The agency employed complainant as a GS-12 computer specialist at its

regional financial management service center in Birmingham, Alabama.

He filed three complaints which set forth four claims of discrimination

on the basis of physical disability (amputated leg). He claimed that

the agency failed to reasonably accommodate his disability by sending

him to a training facility that was not equipped to handle his oversized

wheelchair (93-1028); and by not enlarging the door to a file room in

which his work was stored (95-2280, Issue 1). He also claimed that

the agency discriminated against him by: not promoting him to a GS-13

computer specialist position in July 1993 (94-2024); and by not promoting

him to deputy manager of electronic operations in January 1995 (95-2280,

Issue 2). The agency investigated all three complaints and issued two

final decisions finding no discrimination on all four claims. It is

from these final decisions that complainant now appeals.
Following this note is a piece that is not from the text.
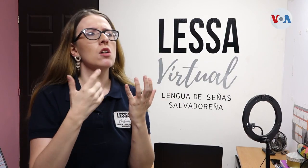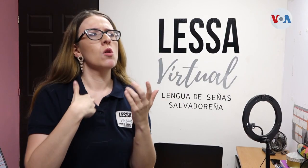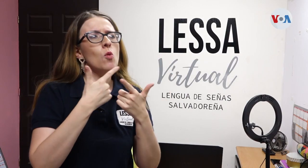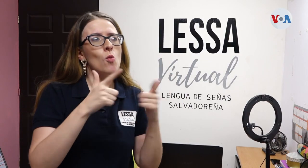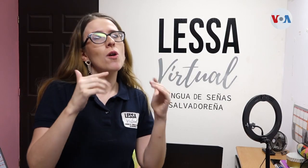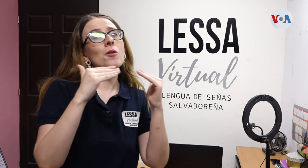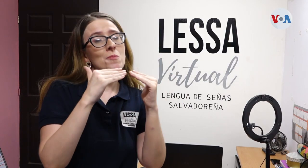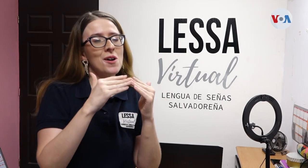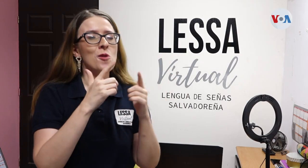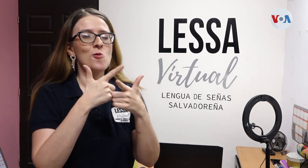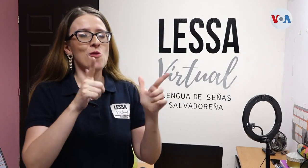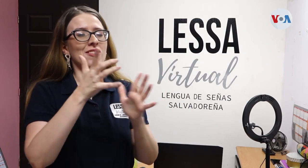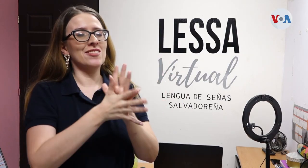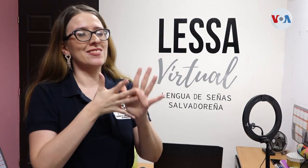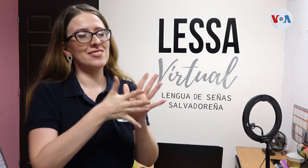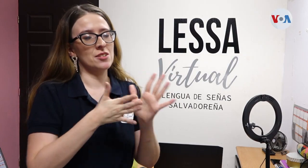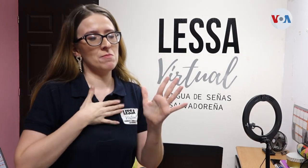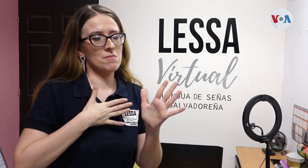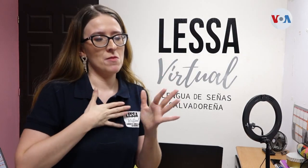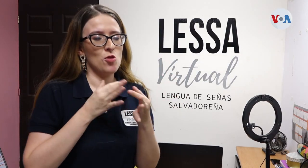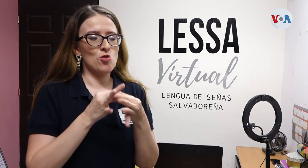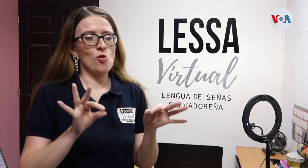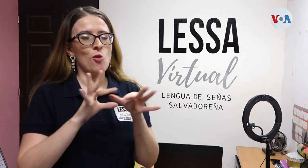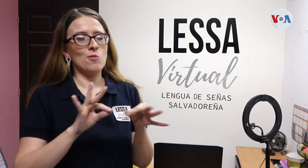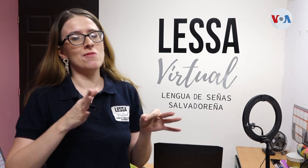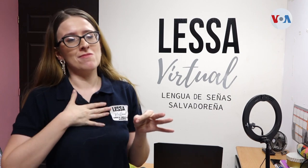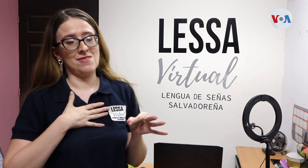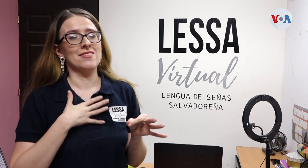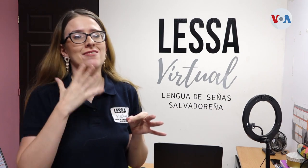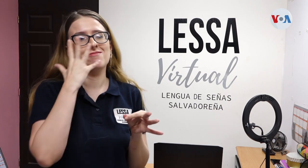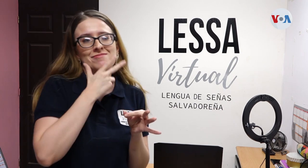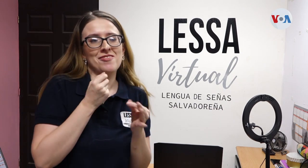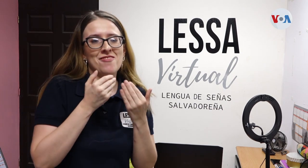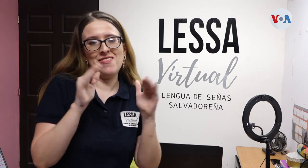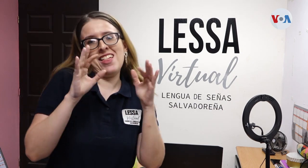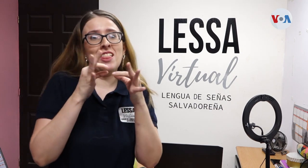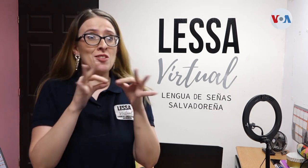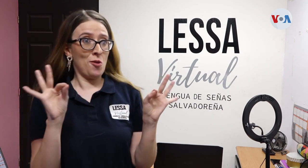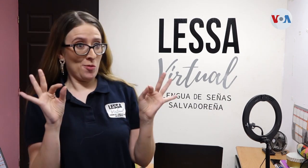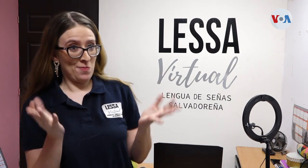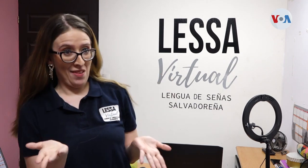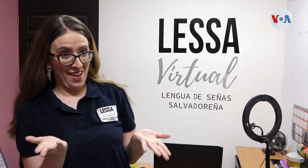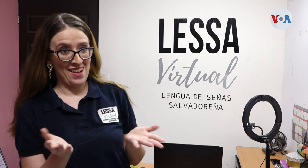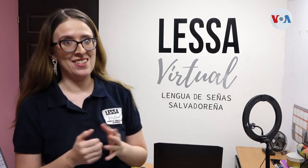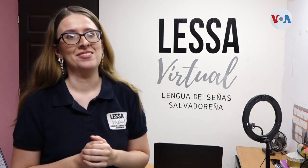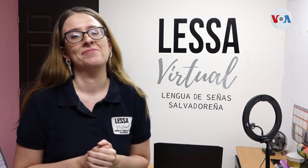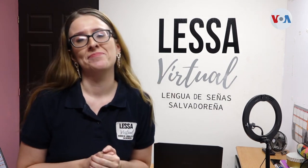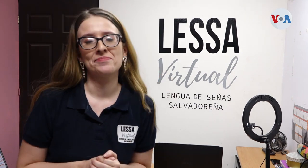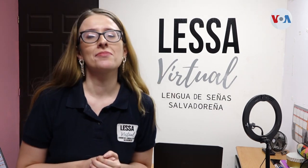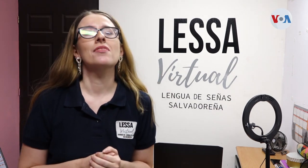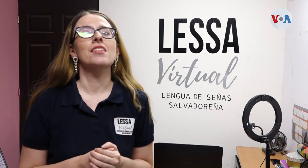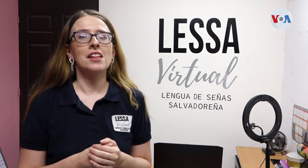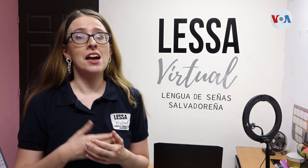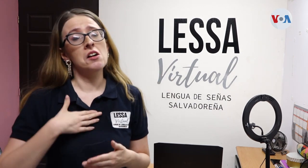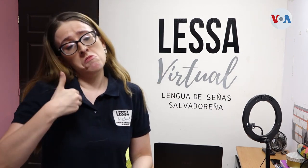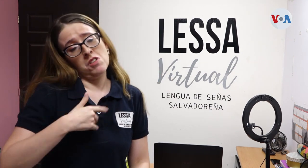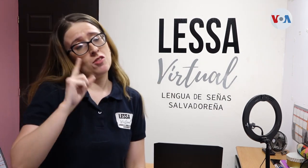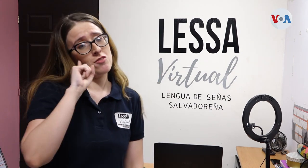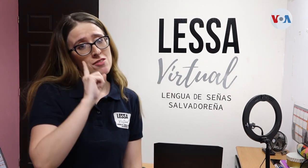la comunicación no ha sido fácil, pero encontré la forma de poder comunicarme a través de la
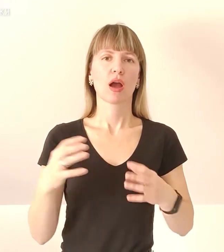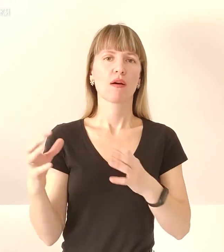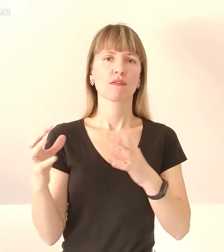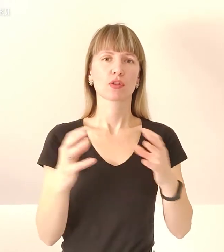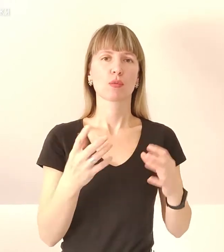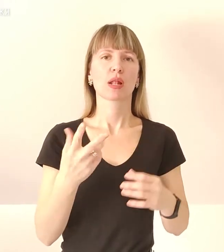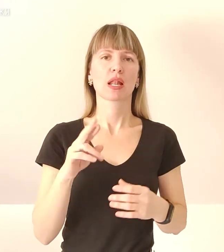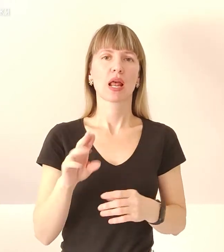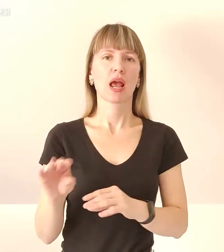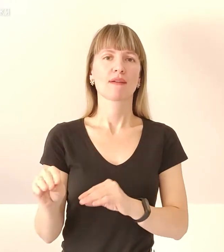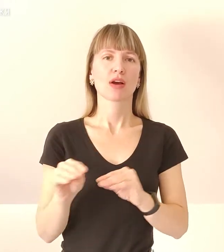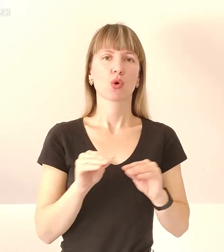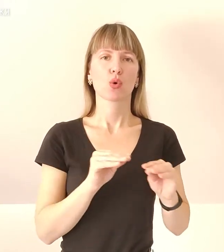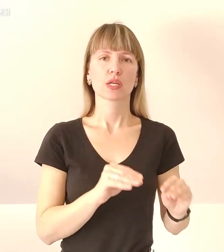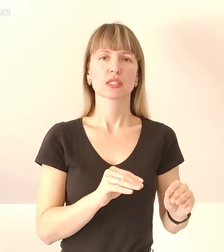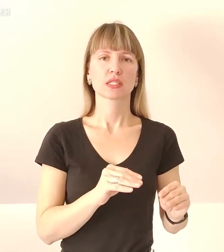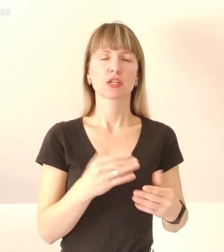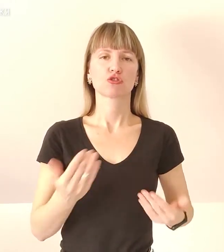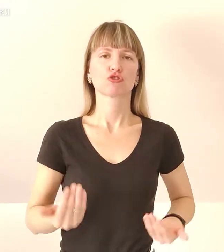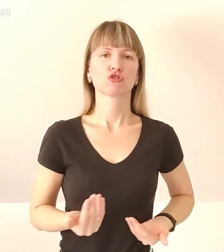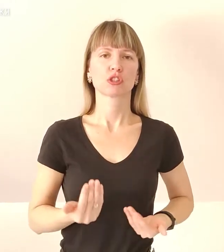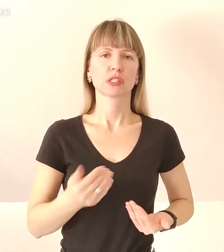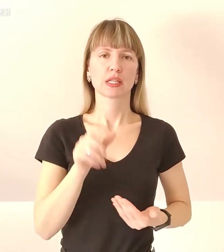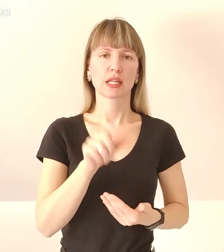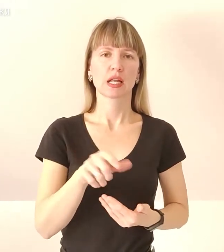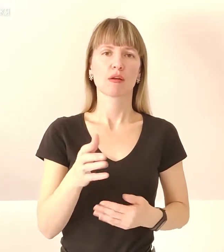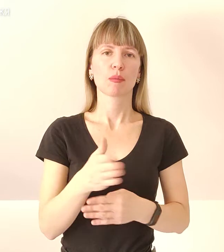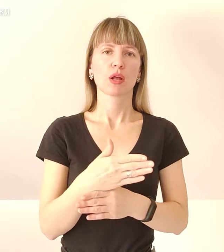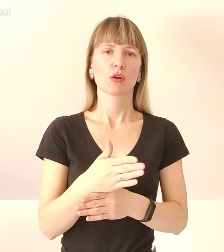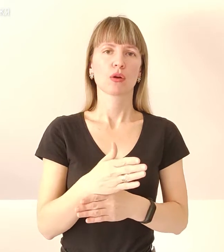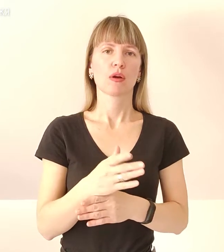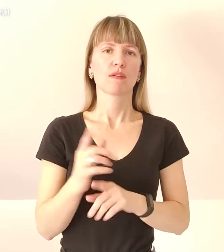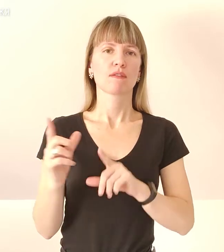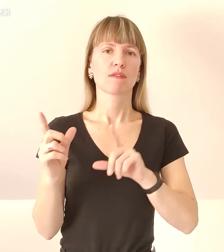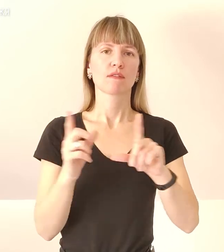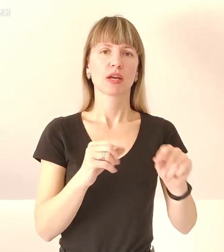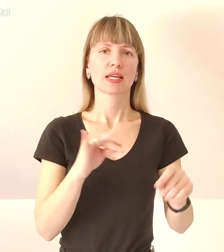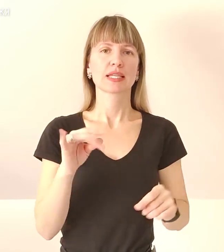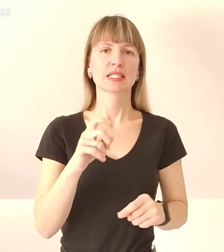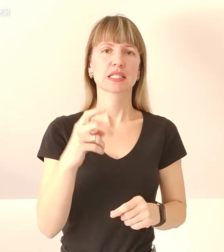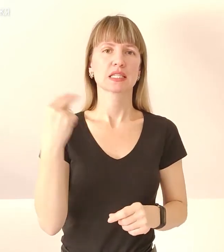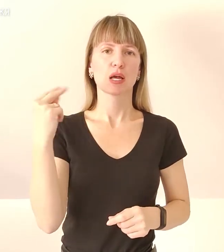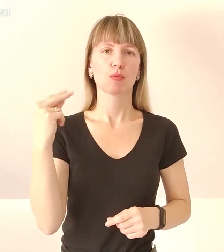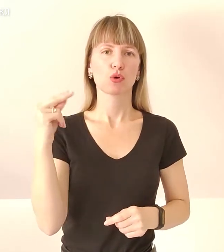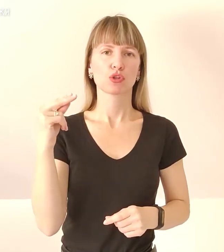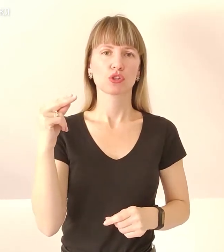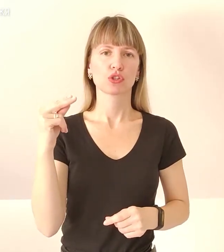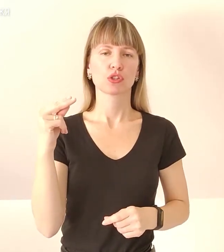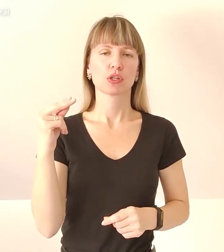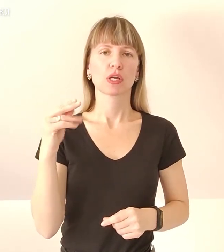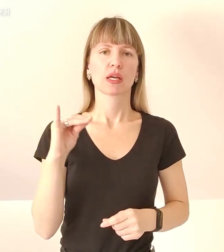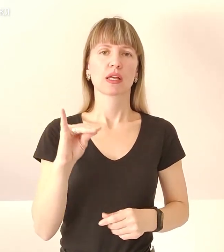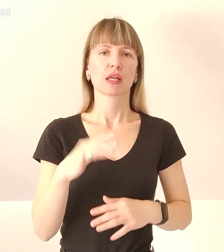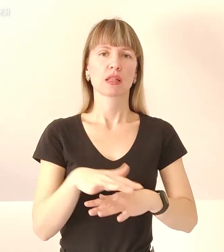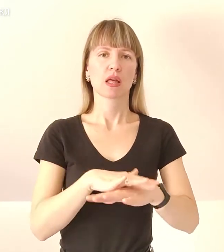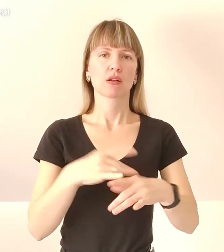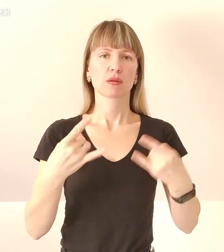для евакуації мешканців Маріуполя виїхали із Запоріжжя. І Суспільне Запоріжжя і

Eligibility for Rehabilitation Act Protection

To bring a claim of disability discrimination, complainant must

first establish that he has a disability within the meaning of the

Rehabilitation Act. Murphy v. United Parcel Service, Inc., 119 S.Ct. 2133

(1999); Sutton v. United Air Lines, Inc., 119 S.Ct. 2139, 2141-42 (1999);

Albertsons, Inc., v. Kirkingburg, 119 S.Ct. 2162, 2167-68 (1999).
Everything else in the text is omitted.